TranspulmonarY Estrogen Gradient and Estrogen Receptors (TYEGER) in PAH
Status:
Recruiting
Trial end date:
2024-10-01
Target enrollment:
Participant gender:
Summary
Pulmonary arterial hypertension (PAH) is a disease characterized by elevated pressures in the
blood vessels of the lungs that is not caused by another disease processes. More
specifically, it is defined by a mean pulmonary artery pressure > 25 mm Hg, a pulmonary
vascular resistance > 3 Wood Units (WU), and a normal pulmonary capillary wedge pressure in
the absence of other etiology of pulmonary hypertension. The underlying mechanism of the
disease in still unknown, but marked changes to the small arteries in the lungs have been
observed. These changes include thickening of vessel walls and clot formation -- making the
vessels less capable of gas exchange. Currently, PAH therapies focus on dilating the "good"
remaining vessels that haven't been altered by this disease process; however, this therapy
does not cure the disease. Survival remains low despite progress.
There is growing human and experimental evidence supporting the concept that estrogens and
estrogen receptors in the lungs are involved in the process that leads to PAH.

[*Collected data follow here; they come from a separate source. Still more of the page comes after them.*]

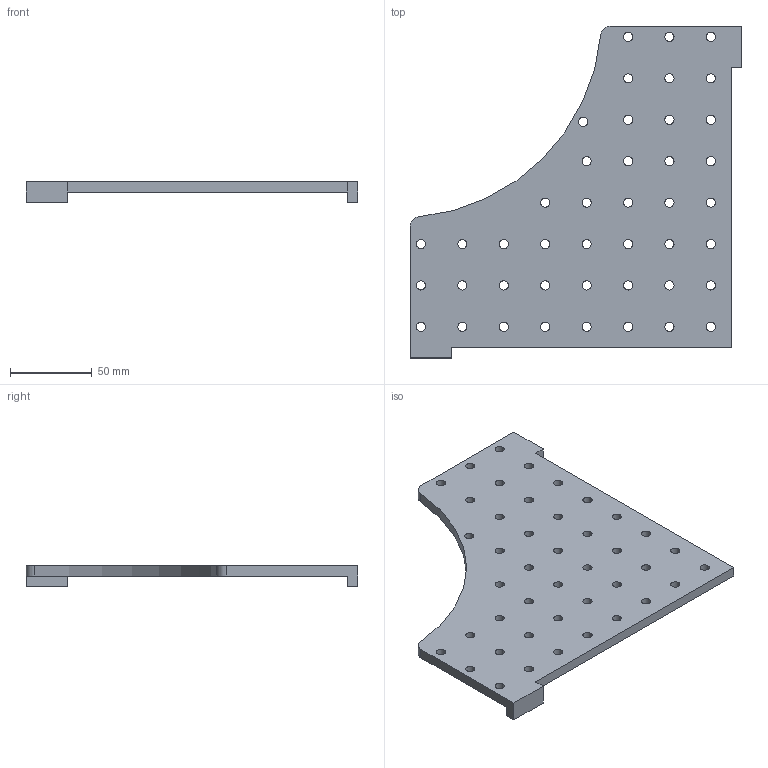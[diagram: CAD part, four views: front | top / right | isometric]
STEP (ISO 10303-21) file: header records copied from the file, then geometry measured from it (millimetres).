
FILE_DESCRIPTION(/* description */ (''),/* implementation_level */ '2;1');
FILE_NAME(/* name */ 'Short Corner Mount Plate.step',/* time_stamp */ '2023-09-20T18:54:41-04:00',/* author */ (''),/* organization */ (''),/* preprocessor_version */ 'ST-DEVELOPER v20',/* originating_system */ 'Autodesk Translation Framework v12.9.0.99',/* authorisation */ '');
FILE_SCHEMA (('AUTOMOTIVE_DESIGN { 1 0 10303 214 3 1 1 }'));
Length unit declared in the file: inch
Products named in the file (1): Short Corner Mount Plate
Bounding box: 203.55 x 203.55 x 12.7 mm (x, y, z)
Volume: 177306.9 mm3; surface area: 65629 mm2
Topology: 1 solids, 1 shells, 60 faces, 172 edges, 114 vertices
Faces by surface type: cylinder 46, plane 14
Full cylindrical faces by diameter (mm): 5.613 x43
Entity records: 2219 total; most frequent: DIRECTION 386, CARTESIAN_POINT 347, ORIENTED_EDGE 344, EDGE_CURVE 172, AXIS2_PLACEMENT_3D 153, EDGE_LOOP 146, VERTEX_POINT 114, CIRCLE 92

As mentioned above, no current therapies attack the cause of PAH; they only act to dilate
remaining "good" vessels which can reduce the burden of the disease, but not cure it. Thus,
there is a critical need for novel therapeutics, as recently highlighted by a National
Institute of Health workshop on pulmonary vascular diseases which called for the exploration
of novel therapeutic approaches. None of the current FDA-approved treatments for PAH target
estrogen or estrogen receptors.
Despite the evidence supporting the concept that estrogens and estrogen receptors in the
lungs contribute to PAH, no human studies investigate the estrogen level and the amount of
estrogen receptors within the lungs of patients with PAH and their potential associations
with current disease severity or 1 year outcomes including survival after 1 year, functional
status, etc. Investigators hypothesize that a subset of PAH patients will have higher levels
of estrogen and estrogen receptors in their lungs which would make them good candidates for
novel therapies that block estrogen in hopes of halting the disease process.